2. The ETag and If – None – Match

An Etag is a unique identifier (generated by the server) that is returned to the current resource file when the server responds to a request. The Etag is regenerated whenever the resource changes.

When the browser sends a request to the server next time it loads a resource, it will add the Etag value returned last time to if-none-match in the request header. The server only needs to compare the if-none-match value sent by the client with the Etag of the resource on the server. It is a good idea to determine whether the resource has been modified relative to the client. If the server finds that the ETag does not match, it sends the new resource (including the new ETag) to the client in a regular GET 200 packet return. If the ETag is consistent, 304 is returned to inform the client to use the local cache directly.

Last-Modified VS ETag

  • Etag is superior to Last-Modified in accuracy.

    Last-modified time is in seconds. If a file changes several times within a second, their last-Modified time is not actually Modified, but Etag changes each time to ensure accuracy. If the server is load-balanced, the last-Modified generated by each server may also be inconsistent.

  • In terms of performance, Etag is inferior to Last-Modified, because last-Modified only records time, whereas Etag requires the server to compute a hash value through an algorithm.

  • In terms of priority, server verification takes precedence over Etag.

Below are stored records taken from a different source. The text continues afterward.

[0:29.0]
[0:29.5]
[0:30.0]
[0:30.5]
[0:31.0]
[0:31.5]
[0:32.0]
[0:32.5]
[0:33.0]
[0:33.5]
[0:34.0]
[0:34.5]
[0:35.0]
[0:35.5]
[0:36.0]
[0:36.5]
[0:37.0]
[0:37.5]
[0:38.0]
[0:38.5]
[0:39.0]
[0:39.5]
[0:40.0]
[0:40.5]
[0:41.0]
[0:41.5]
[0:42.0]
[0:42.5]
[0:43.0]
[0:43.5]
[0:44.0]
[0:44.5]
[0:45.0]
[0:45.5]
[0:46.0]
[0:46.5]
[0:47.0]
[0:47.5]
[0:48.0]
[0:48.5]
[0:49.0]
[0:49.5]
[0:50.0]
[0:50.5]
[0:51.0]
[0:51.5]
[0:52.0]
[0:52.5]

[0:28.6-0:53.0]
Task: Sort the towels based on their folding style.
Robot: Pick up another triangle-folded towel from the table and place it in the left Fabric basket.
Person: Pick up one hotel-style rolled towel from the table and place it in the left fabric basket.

The mandatory-cache takes precedence over the negotiated Cache. If mandatory-cache (Expires and cache-control) is valid, the Cache is used directly, and If not, the negotiated Cache (last-modified/if-modified-since and Etag/if-none-match) is used. The server decides whether to use the negotiated cache. If the negotiated cache is invalid, the cache of the request is invalid. 200 is returned, and the resource and cache id are returned again, and then stored in the browser cache. If it takes effect, return to 304 and continue to use the cache.

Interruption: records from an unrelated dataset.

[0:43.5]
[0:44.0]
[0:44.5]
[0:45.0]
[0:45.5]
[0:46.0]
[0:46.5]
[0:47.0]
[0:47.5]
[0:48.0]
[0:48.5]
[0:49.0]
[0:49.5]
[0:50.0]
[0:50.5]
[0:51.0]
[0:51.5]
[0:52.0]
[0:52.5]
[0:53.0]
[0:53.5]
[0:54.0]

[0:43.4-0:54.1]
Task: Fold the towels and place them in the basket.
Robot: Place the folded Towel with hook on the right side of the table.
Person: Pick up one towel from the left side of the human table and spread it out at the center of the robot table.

What will the browser do if no caching policy is set?

In this case, the browser uses a heuristic algorithm that typically takes 10% of the Date minus last-Modified value in the response header as the cache time.

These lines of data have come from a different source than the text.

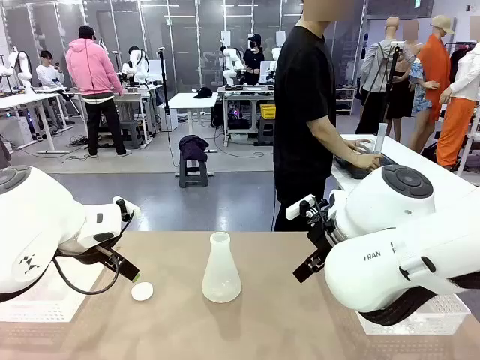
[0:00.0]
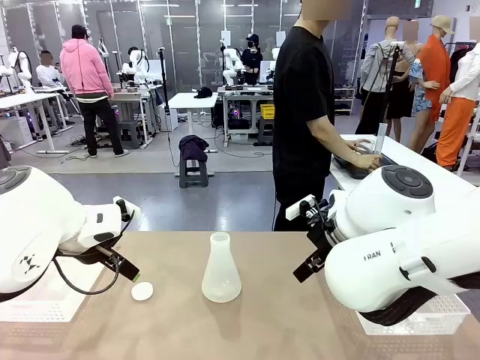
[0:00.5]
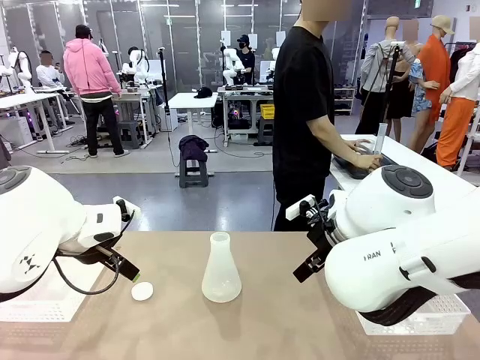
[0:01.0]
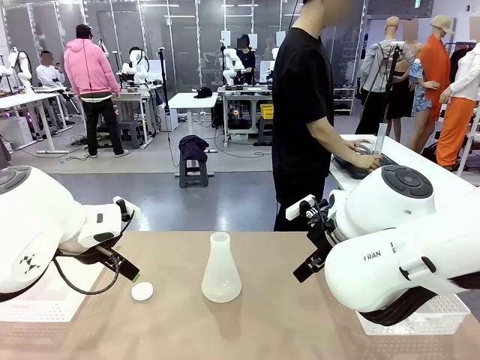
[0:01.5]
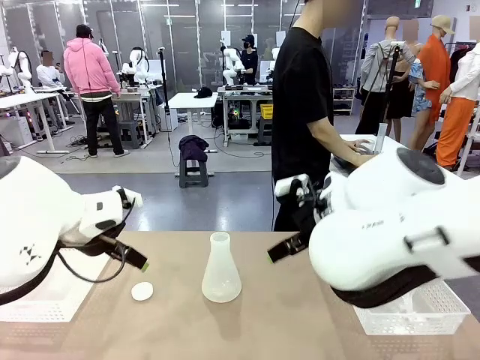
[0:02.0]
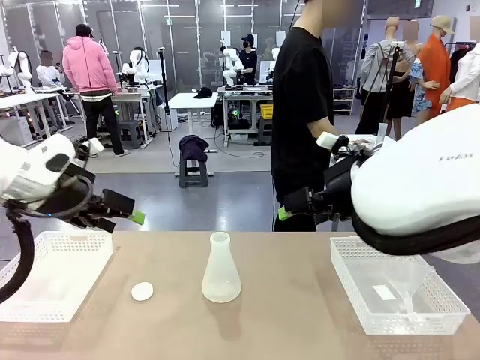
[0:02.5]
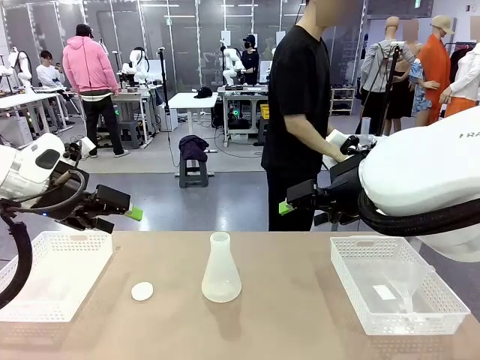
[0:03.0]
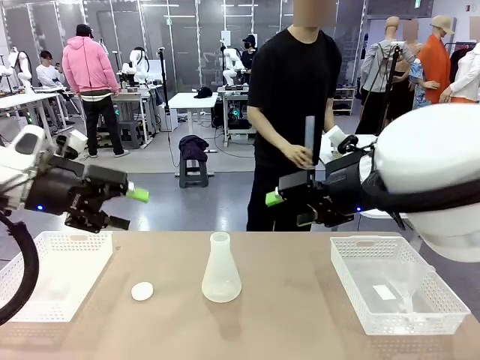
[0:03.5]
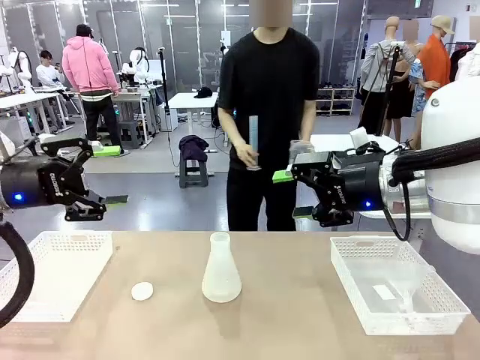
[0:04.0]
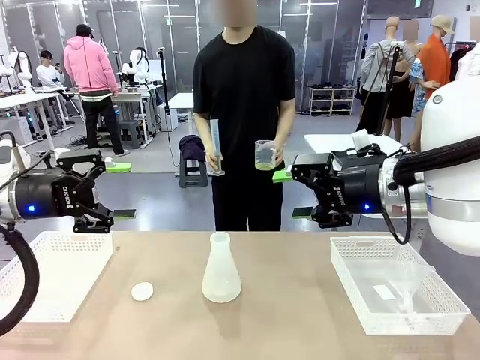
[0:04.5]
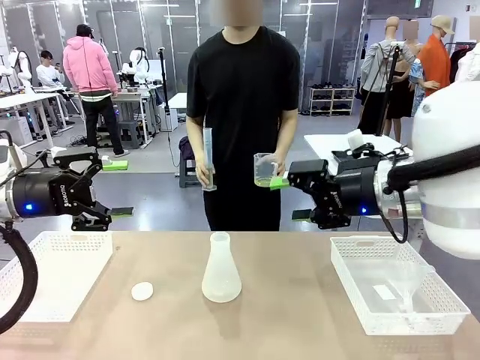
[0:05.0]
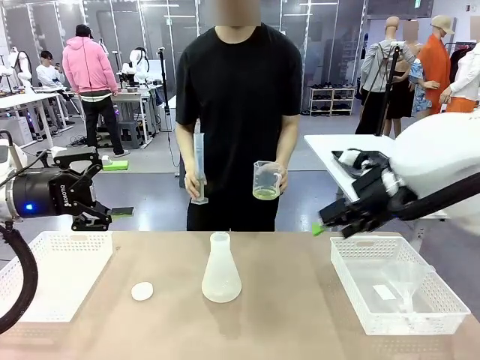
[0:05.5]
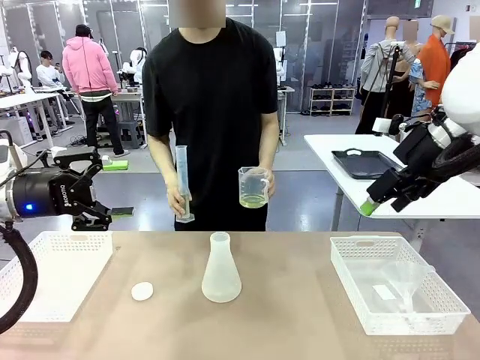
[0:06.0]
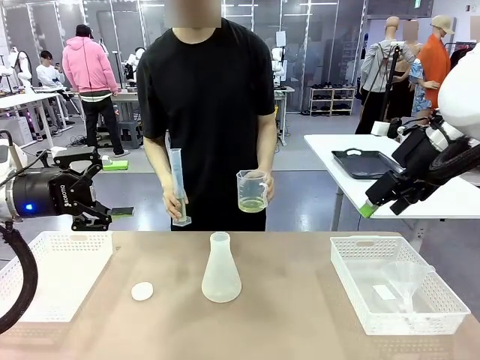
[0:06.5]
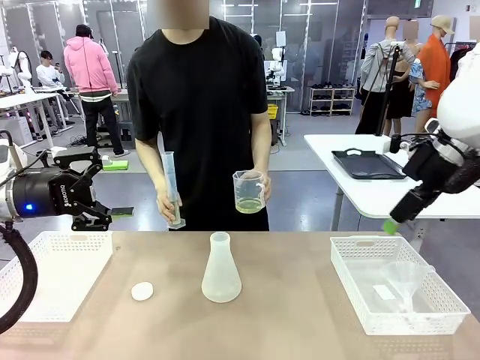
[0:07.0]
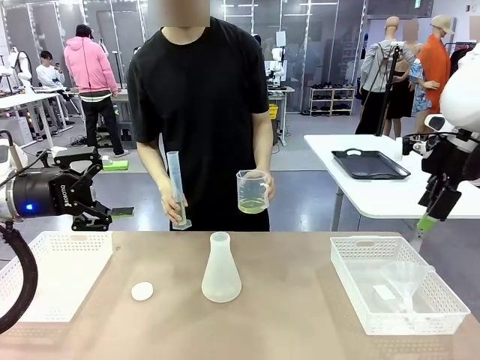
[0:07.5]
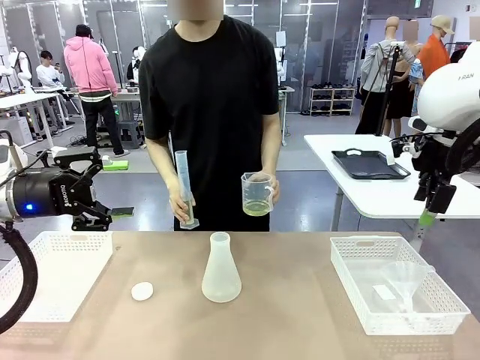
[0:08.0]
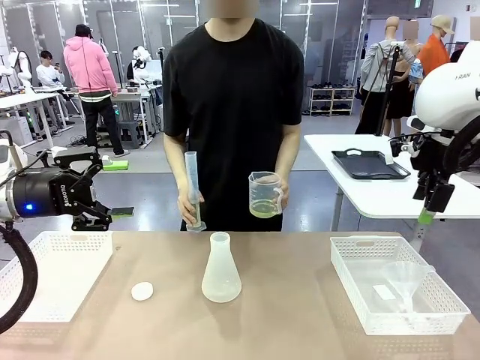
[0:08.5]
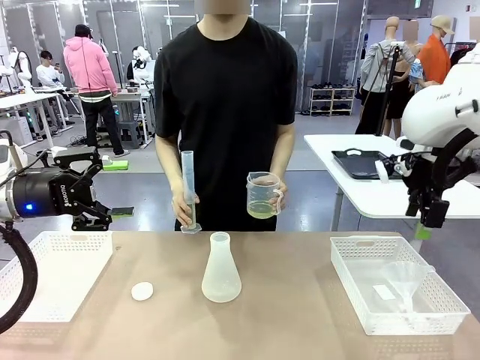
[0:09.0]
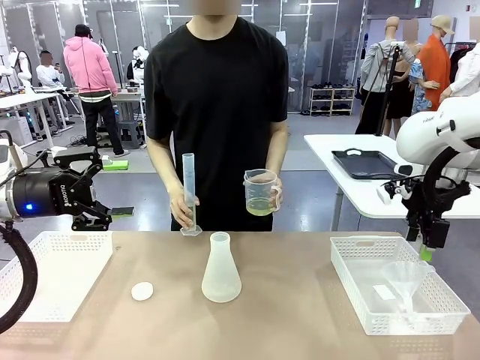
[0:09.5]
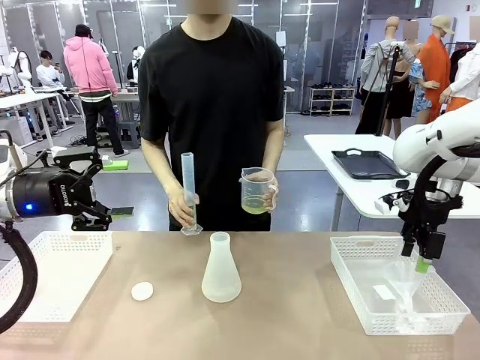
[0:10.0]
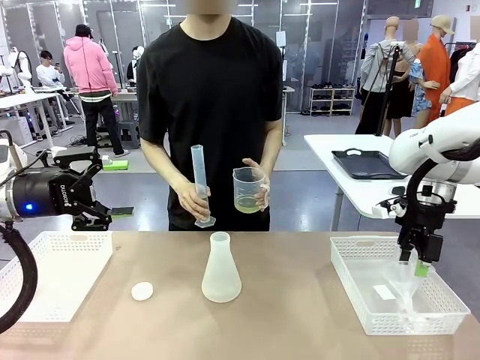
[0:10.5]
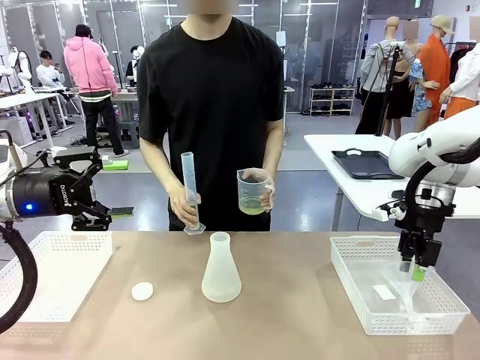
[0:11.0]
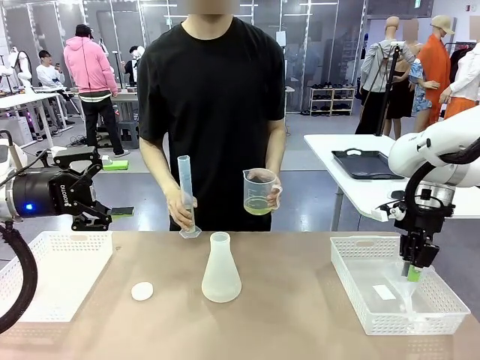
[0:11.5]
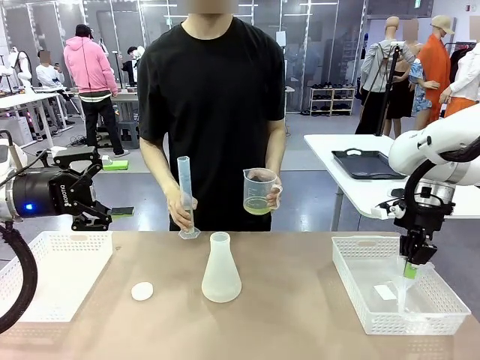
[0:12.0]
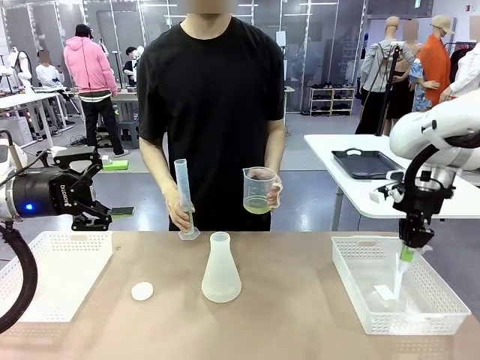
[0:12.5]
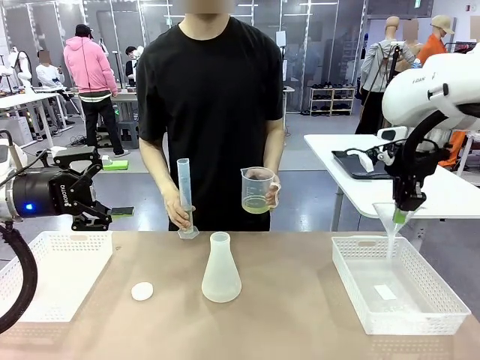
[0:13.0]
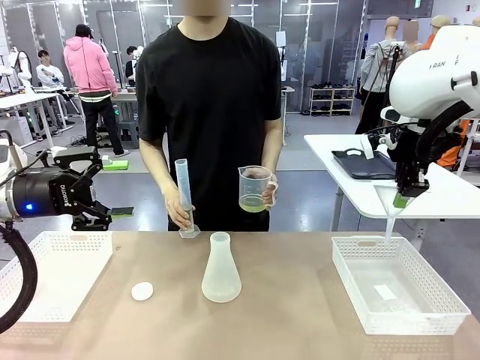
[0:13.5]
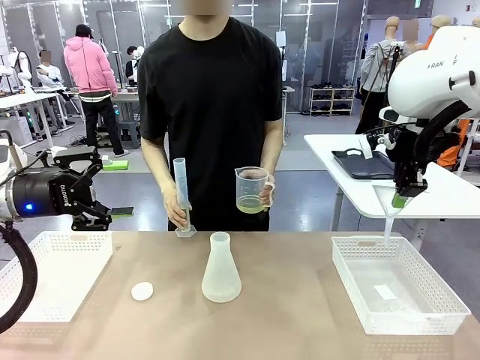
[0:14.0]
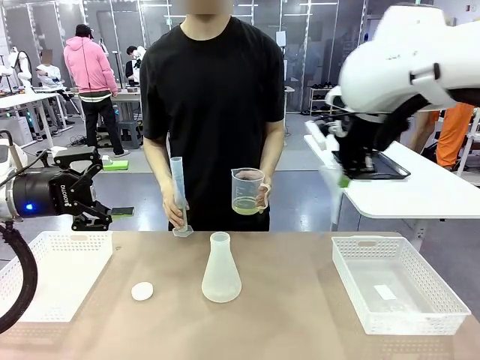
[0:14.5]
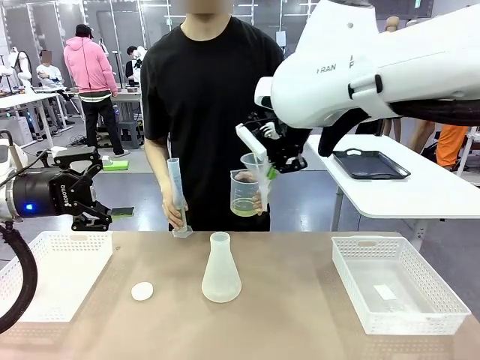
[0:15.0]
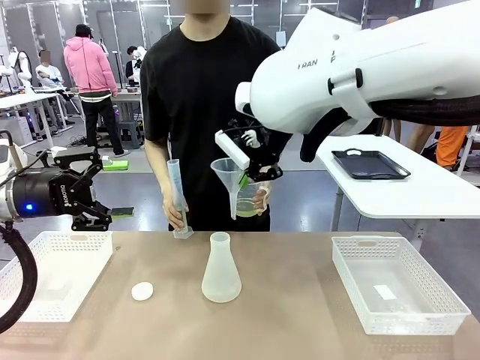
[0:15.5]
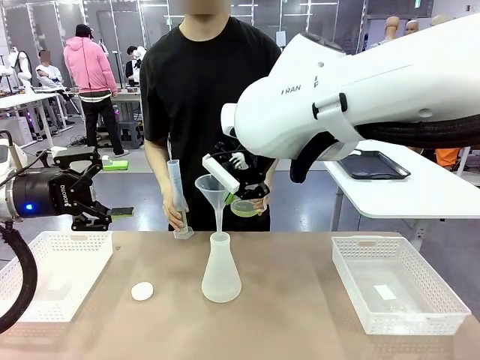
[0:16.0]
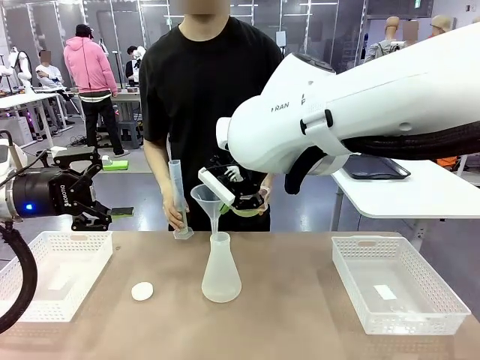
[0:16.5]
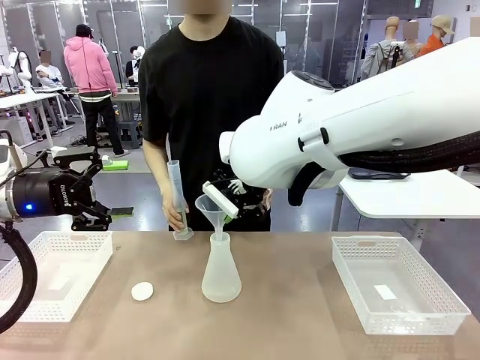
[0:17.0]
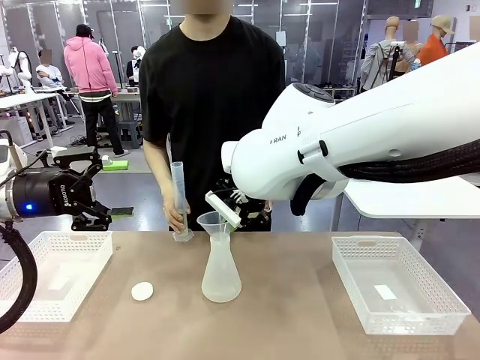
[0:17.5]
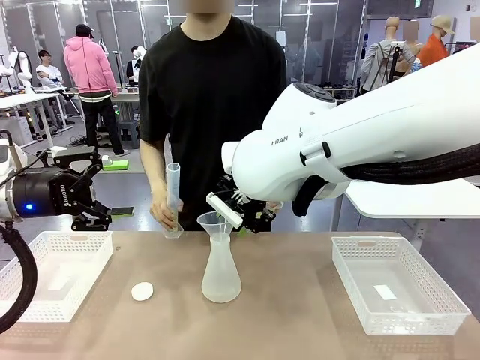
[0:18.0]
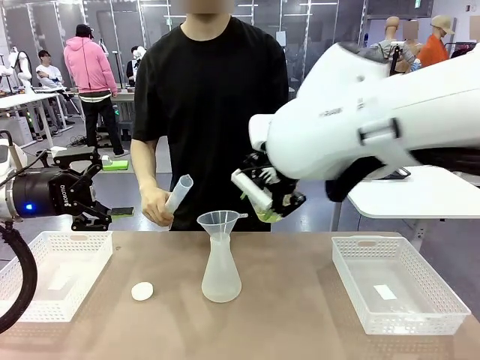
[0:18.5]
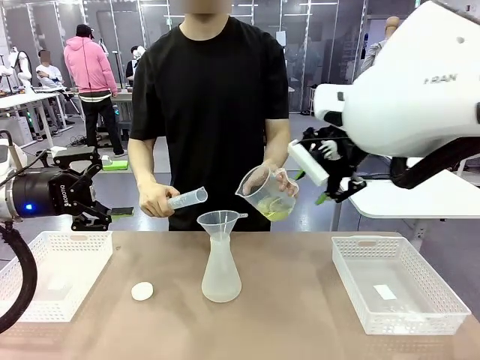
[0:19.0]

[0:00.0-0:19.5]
Task: Prepare the solutions needed for the experiment.
Robot: Pick up the Plastic Funnel and insert it into the Big flask.
Person: Pick up the beaker and the cylinder and move to the middle of the robot table. Pour the solution from the beaker and the cylinder into the flask.

Caching best practices in real world scenarios

  1. Index. HTML is not cached and gets the latest version on every request.
  2. Strong caching of resource files such as JS, CSS and images (set to one month or one year). Use Webpack and other front-end building tools to add hash processing to resource file names.

Why not cache index.html strongly?

Since most systems are single-page applications now, index. HTML is the entrance of all resources. If index. HTML is strongly cached, the latest resource files cannot be obtained, resulting in the failure of the whole system to update normally.

Why can other resource files be strong cached?

Because other resources are packaged by the front-end build tool, the generated file names have special hash values. Each rebuild generates a new batch of resource file names with hash values. For example, index.de62f314.js.

When a new front-end project file is deployed to the server, the browser requests index.html and finds that the name of the relevant resource file has changed.

How to set up cache

Set meta information in HTML

<meta http-equiv="Cache-Control" content="max-age=31536000" />
Copy the code

Set the response header on the server

res.setHeader('Cache-Control', 'public, max-age=31536000')
Copy the code

How to disable caching

Set meta information in HTML

<meta http-equiv="pragma" content="no-cache"> 
<meta http-equiv="cache-control" content="no-cache"> 
<meta http-equiv="expires" content="0">
Copy the code

The impact of user behavior on browser caching

The effect of user behavior on the browser cache refers to the cache policies that are triggered when the user acts on the browser. There are three main types:

  • Open the web page and enter the address in the address bar to check whether there is a match in the disk cache. Use if available; If no network request is sent.

  • Plain flush (F5) : Since TAB is not closed, memory cache is available and will be used preferentially (if a match is made). Disk cache comes next.

  • Forced refresh (Ctrl + F5) : The browser does not use caching, so requests are sent with cache-Control :no-cache(with Pragma:no-cache for compatibility) in the header, and the server returns 200 and the latest content.